Data items:
»»

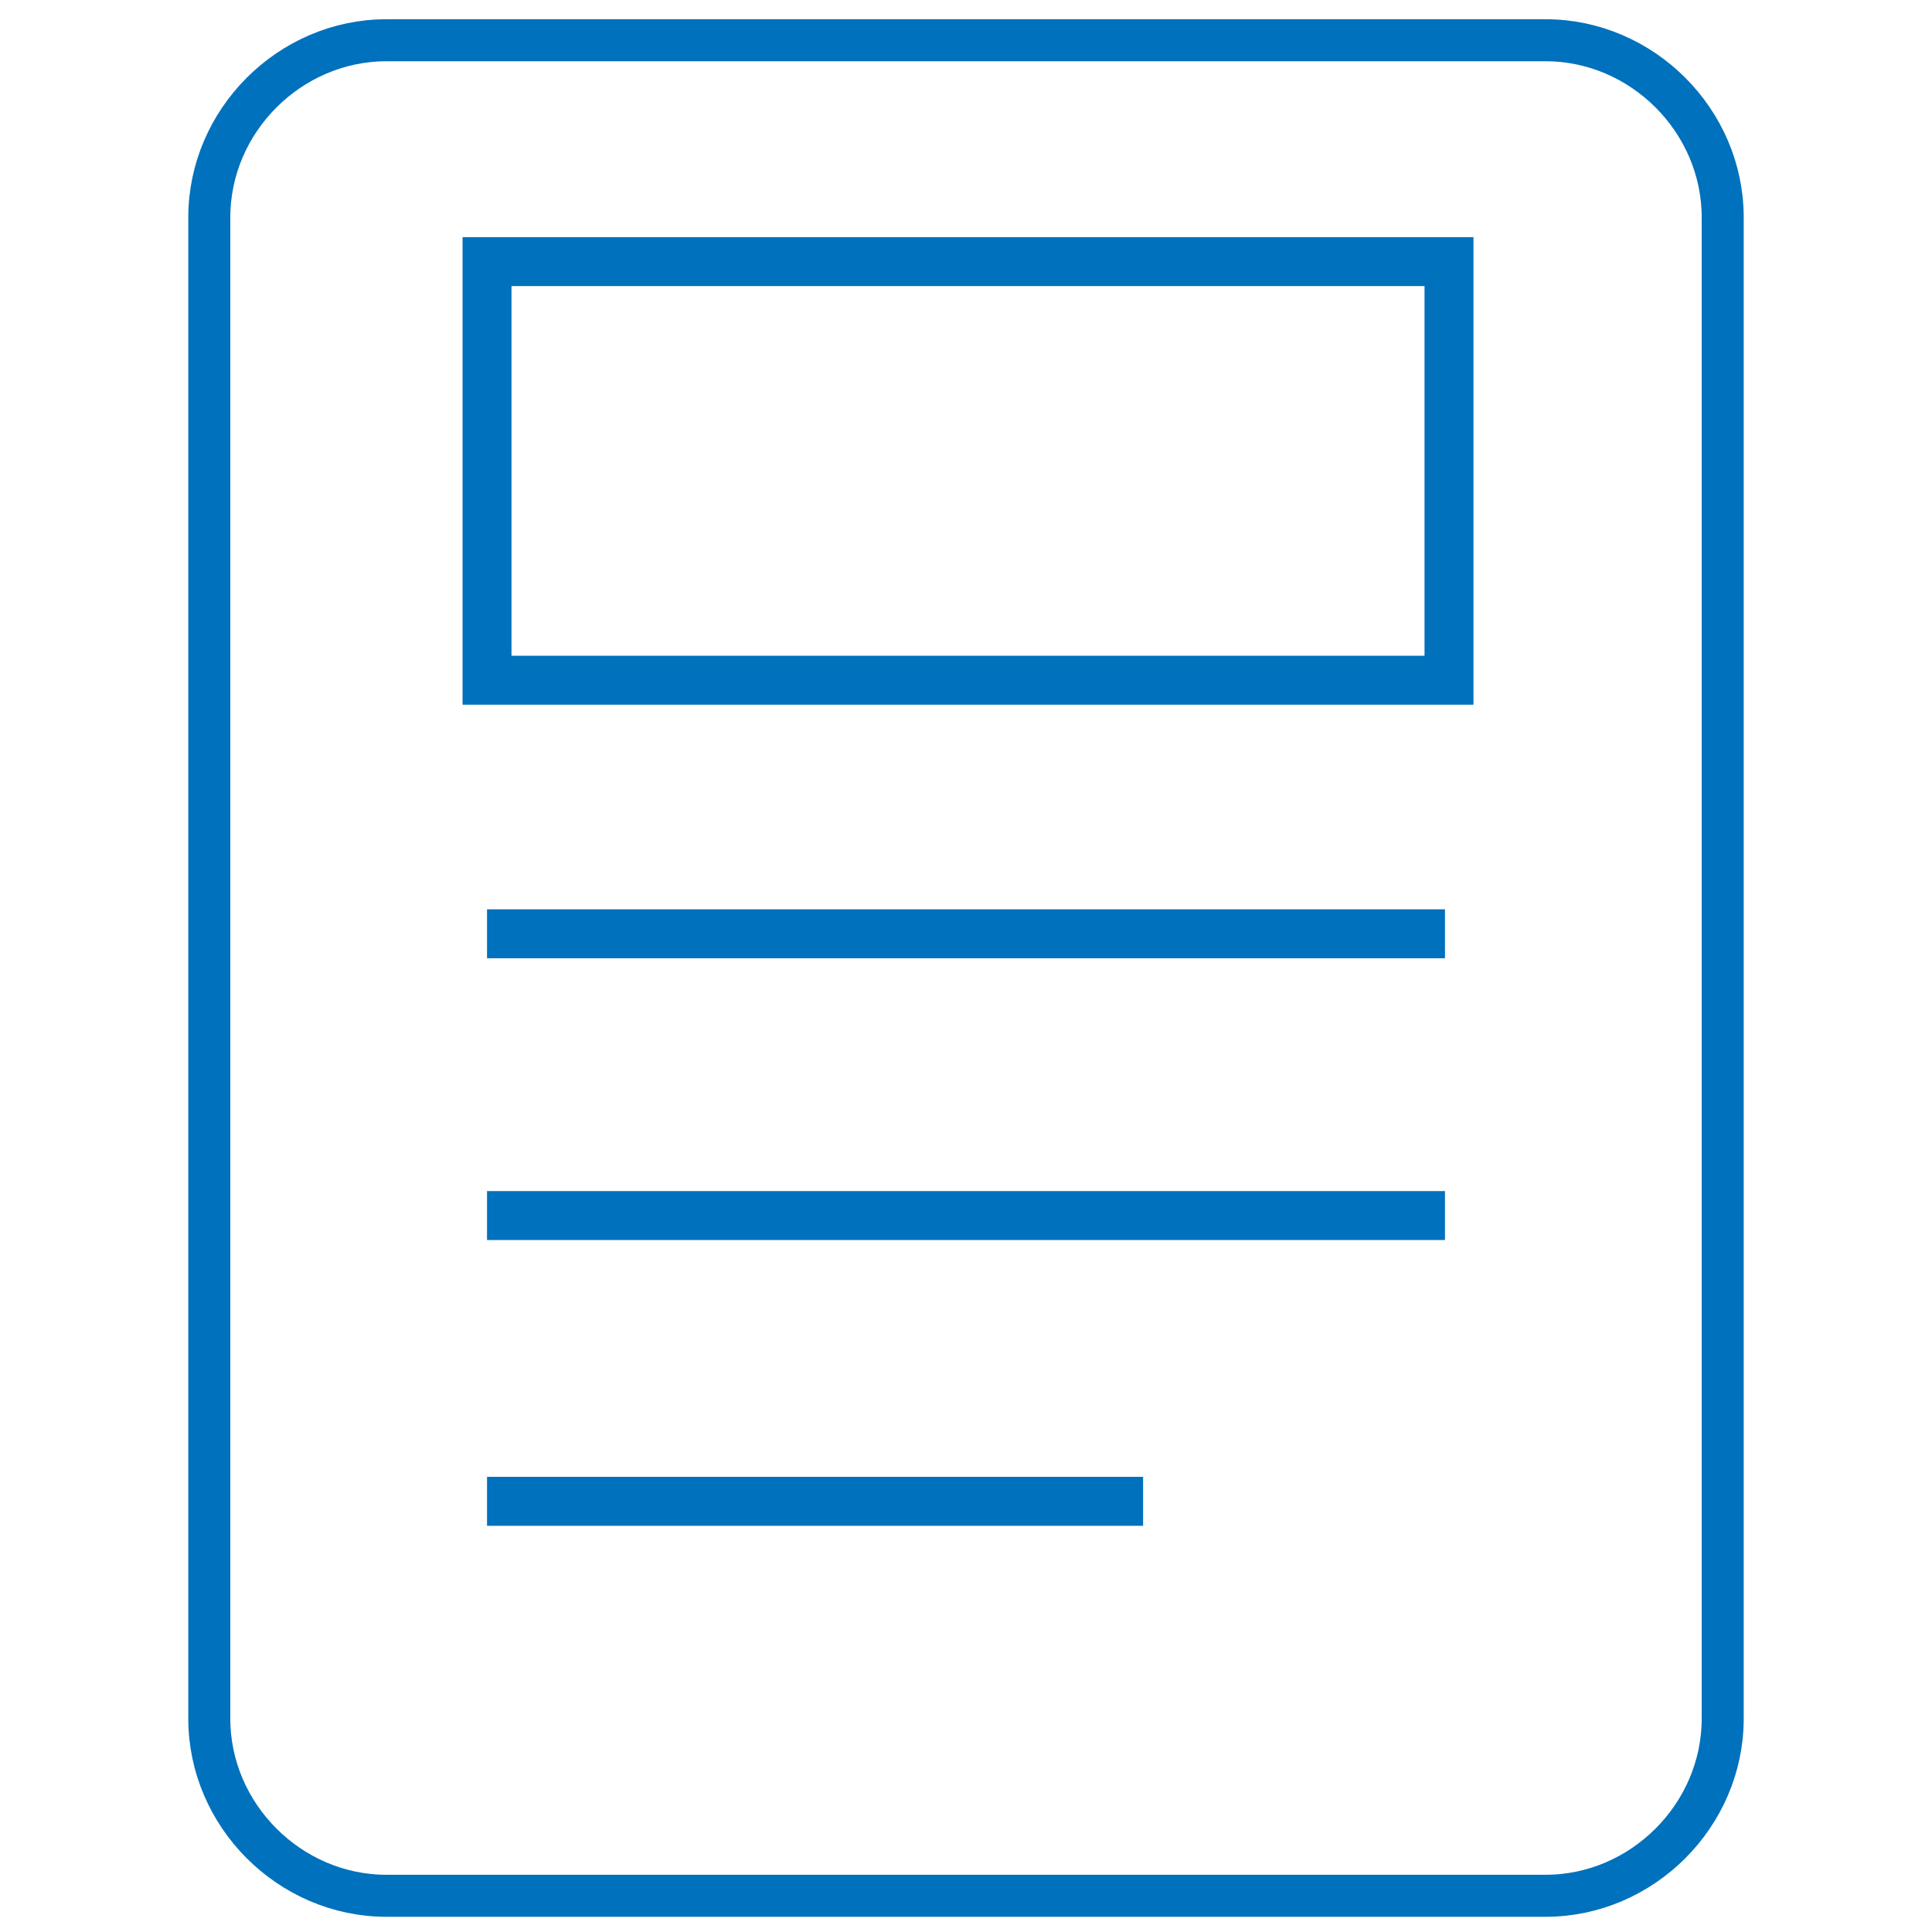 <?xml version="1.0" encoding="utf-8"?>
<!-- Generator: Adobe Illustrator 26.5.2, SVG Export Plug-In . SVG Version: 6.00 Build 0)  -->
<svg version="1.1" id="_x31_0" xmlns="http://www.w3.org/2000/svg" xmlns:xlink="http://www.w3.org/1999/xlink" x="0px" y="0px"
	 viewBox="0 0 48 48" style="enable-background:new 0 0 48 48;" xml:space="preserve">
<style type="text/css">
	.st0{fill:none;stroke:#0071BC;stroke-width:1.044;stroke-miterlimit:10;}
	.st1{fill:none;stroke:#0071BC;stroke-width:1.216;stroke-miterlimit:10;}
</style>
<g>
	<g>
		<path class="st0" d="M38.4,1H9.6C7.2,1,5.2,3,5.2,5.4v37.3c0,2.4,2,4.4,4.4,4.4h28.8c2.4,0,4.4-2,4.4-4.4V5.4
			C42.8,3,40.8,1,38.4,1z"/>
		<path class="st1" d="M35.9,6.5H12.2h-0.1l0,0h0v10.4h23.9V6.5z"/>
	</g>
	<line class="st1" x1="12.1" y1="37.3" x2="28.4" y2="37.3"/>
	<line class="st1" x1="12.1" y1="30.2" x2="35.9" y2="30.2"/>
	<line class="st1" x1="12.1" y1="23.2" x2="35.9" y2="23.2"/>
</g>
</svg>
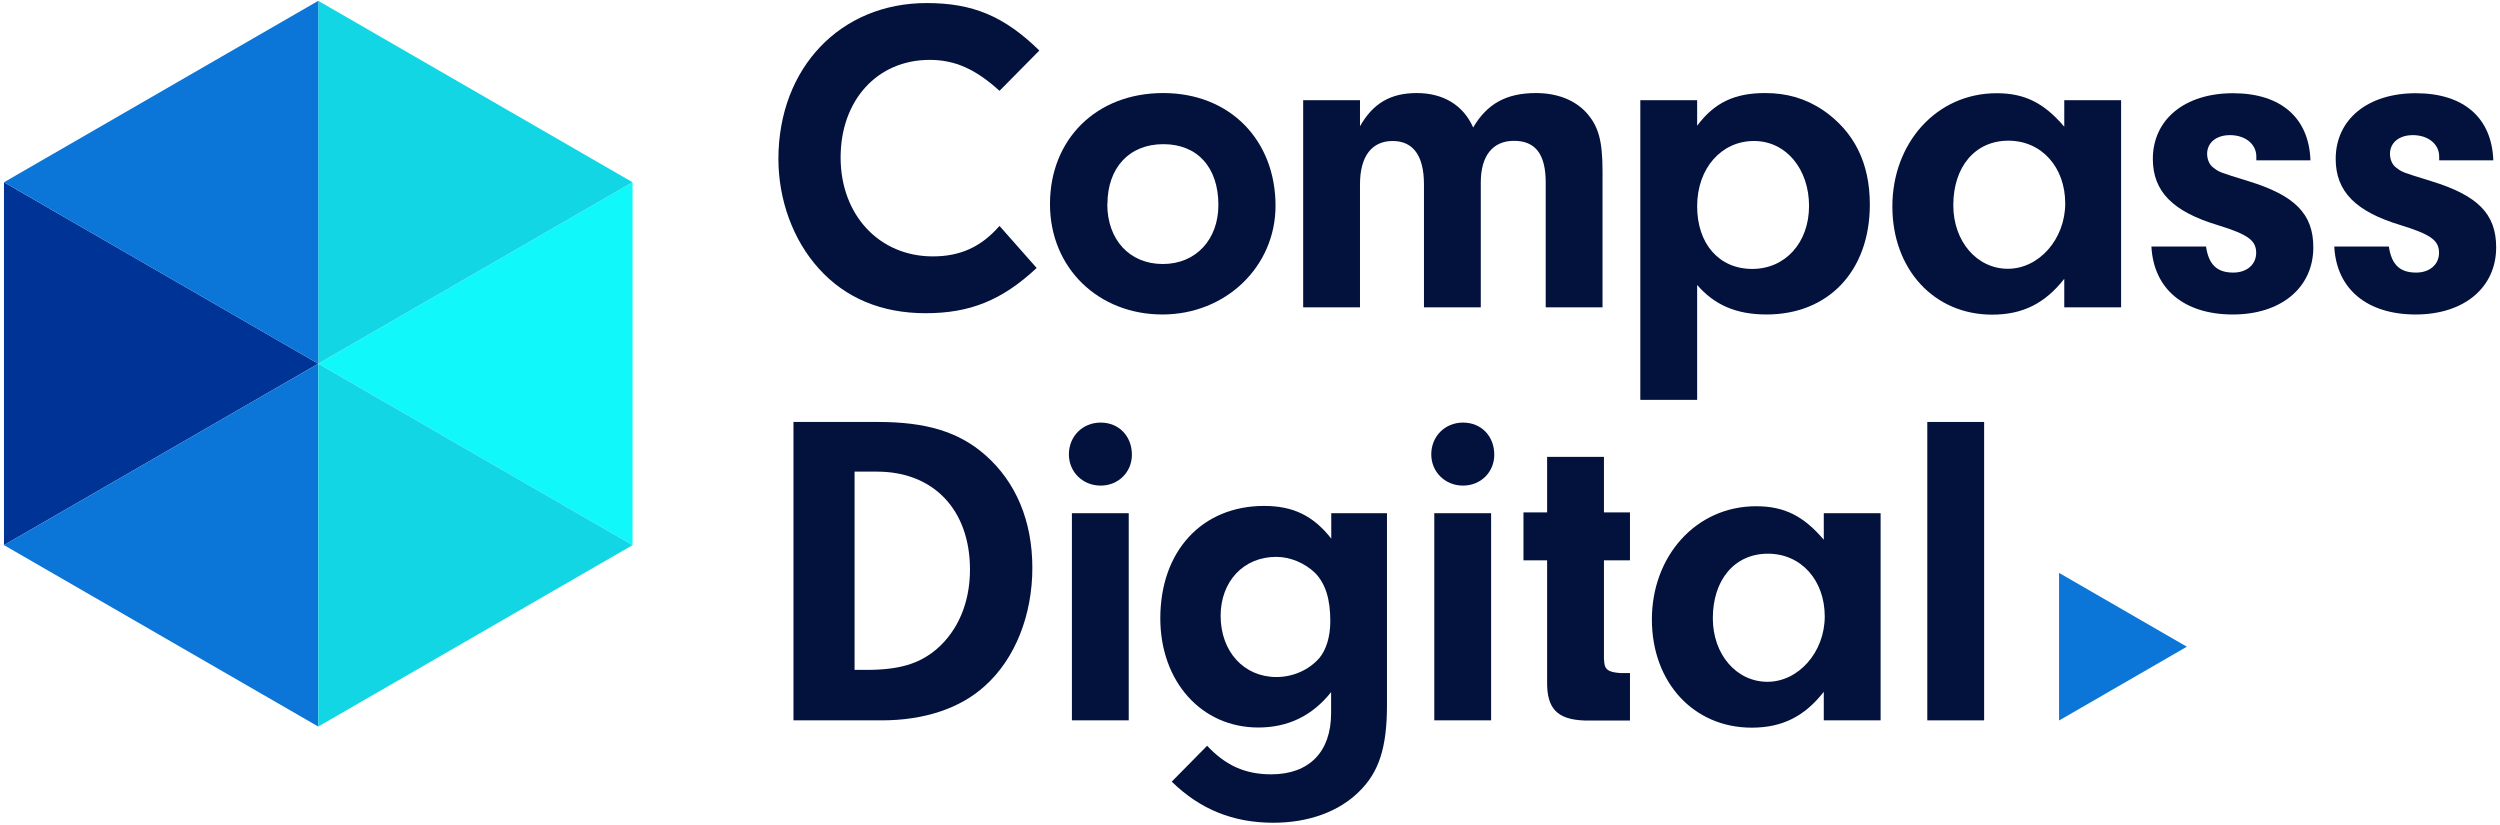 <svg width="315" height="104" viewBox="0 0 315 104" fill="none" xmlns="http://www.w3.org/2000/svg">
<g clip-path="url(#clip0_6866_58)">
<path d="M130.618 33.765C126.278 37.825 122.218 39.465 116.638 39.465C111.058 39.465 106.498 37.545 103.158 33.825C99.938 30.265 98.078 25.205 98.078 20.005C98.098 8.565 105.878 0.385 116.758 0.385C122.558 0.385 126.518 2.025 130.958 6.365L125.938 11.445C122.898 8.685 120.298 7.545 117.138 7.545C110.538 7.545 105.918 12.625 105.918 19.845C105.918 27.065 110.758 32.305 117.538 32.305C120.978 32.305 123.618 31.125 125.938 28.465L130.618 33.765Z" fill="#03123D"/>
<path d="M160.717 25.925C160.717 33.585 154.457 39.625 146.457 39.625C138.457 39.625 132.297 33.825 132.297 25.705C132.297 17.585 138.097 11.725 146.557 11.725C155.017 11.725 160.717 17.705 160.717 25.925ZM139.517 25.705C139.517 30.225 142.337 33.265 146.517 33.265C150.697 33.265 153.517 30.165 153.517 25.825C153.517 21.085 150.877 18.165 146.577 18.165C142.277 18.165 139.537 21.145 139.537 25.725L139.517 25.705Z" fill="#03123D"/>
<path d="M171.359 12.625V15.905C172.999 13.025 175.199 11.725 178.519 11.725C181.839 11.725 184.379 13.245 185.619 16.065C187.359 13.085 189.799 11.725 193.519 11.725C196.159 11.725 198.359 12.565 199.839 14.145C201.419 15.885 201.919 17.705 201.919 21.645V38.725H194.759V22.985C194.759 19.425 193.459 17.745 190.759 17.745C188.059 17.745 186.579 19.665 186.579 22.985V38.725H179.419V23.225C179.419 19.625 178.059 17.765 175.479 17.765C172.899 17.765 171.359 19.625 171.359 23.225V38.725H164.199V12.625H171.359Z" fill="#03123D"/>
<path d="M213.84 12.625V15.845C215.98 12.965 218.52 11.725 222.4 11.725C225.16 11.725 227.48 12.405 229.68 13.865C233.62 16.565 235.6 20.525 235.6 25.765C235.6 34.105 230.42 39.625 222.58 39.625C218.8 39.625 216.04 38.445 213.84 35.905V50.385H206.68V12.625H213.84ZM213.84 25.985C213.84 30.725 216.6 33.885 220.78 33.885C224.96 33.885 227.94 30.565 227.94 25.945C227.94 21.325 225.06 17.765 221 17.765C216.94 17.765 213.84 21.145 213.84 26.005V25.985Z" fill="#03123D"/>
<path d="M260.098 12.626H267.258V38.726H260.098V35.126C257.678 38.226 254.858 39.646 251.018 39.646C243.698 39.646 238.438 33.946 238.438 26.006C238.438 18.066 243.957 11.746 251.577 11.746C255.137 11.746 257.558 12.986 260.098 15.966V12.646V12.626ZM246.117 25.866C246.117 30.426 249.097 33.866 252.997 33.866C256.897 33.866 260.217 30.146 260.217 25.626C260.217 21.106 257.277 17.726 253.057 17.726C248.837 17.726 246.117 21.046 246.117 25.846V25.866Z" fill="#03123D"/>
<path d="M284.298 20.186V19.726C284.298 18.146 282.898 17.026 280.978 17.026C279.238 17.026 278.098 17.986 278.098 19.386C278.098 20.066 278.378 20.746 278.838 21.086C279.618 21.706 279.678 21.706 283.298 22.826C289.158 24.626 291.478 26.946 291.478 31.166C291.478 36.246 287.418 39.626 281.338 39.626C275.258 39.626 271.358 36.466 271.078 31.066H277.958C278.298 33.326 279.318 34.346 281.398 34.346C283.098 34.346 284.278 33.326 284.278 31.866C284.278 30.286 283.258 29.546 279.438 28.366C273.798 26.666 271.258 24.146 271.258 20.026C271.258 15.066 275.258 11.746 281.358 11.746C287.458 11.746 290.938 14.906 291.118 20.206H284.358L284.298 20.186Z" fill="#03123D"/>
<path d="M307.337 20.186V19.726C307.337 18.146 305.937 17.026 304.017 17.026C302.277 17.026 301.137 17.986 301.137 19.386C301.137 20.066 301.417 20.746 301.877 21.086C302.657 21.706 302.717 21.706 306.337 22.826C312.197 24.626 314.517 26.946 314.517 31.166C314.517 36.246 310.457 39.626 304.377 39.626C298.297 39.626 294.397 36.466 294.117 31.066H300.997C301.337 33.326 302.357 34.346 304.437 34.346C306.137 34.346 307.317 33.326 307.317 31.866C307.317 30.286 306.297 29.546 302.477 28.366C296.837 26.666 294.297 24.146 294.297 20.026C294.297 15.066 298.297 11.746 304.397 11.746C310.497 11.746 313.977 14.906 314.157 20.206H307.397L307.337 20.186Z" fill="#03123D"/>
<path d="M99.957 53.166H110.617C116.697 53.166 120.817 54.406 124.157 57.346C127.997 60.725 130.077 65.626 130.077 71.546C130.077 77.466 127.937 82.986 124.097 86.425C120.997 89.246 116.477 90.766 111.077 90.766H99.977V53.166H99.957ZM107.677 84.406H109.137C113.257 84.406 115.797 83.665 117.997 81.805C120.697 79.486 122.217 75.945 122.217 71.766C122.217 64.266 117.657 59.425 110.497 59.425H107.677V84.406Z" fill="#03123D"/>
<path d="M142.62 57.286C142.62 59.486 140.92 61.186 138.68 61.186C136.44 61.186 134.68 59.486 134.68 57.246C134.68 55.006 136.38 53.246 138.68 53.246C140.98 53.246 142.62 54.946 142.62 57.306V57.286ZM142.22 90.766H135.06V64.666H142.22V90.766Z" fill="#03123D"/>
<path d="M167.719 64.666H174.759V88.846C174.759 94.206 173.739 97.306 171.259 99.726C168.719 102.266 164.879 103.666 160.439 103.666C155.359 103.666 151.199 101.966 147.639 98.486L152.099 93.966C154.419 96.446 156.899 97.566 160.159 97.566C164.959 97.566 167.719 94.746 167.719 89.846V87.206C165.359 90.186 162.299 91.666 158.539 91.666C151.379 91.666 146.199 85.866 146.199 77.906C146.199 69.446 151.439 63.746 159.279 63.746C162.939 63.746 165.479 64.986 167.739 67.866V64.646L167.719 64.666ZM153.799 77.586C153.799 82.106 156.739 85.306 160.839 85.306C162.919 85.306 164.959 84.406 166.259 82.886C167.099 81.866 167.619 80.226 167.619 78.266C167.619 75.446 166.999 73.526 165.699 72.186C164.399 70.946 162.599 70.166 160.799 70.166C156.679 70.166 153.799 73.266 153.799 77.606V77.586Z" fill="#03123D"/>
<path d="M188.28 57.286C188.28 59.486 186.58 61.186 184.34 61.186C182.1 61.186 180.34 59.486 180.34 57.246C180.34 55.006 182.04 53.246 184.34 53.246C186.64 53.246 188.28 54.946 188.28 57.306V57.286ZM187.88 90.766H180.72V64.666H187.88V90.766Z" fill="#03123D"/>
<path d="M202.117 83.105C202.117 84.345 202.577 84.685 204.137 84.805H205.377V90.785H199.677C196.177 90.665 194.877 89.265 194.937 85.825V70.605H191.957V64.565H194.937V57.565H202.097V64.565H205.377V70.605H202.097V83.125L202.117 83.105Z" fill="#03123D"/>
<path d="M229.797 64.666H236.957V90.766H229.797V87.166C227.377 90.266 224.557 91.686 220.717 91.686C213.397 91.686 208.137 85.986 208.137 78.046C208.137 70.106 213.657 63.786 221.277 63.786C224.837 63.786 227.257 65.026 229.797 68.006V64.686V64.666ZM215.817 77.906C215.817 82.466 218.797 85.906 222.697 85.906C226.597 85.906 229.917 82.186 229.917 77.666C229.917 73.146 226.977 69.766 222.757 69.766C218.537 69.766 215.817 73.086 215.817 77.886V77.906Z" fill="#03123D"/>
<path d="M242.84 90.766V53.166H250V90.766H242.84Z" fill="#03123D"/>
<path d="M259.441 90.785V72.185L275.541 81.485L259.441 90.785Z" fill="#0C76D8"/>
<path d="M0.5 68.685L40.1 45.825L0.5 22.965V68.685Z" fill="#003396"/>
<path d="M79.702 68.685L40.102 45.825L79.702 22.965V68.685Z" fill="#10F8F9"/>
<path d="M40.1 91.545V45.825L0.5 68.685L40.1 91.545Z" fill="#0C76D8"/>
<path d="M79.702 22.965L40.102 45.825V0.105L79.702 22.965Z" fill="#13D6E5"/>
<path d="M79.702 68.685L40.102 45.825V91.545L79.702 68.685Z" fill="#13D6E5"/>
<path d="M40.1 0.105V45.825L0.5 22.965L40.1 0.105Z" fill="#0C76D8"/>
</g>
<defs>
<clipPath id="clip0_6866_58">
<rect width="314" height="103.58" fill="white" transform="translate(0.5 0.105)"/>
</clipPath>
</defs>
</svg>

««

### PROMPT
Work out how many lines above have the string "miterlimit" in them, and give only the number.

### OUTPUT BELOW
2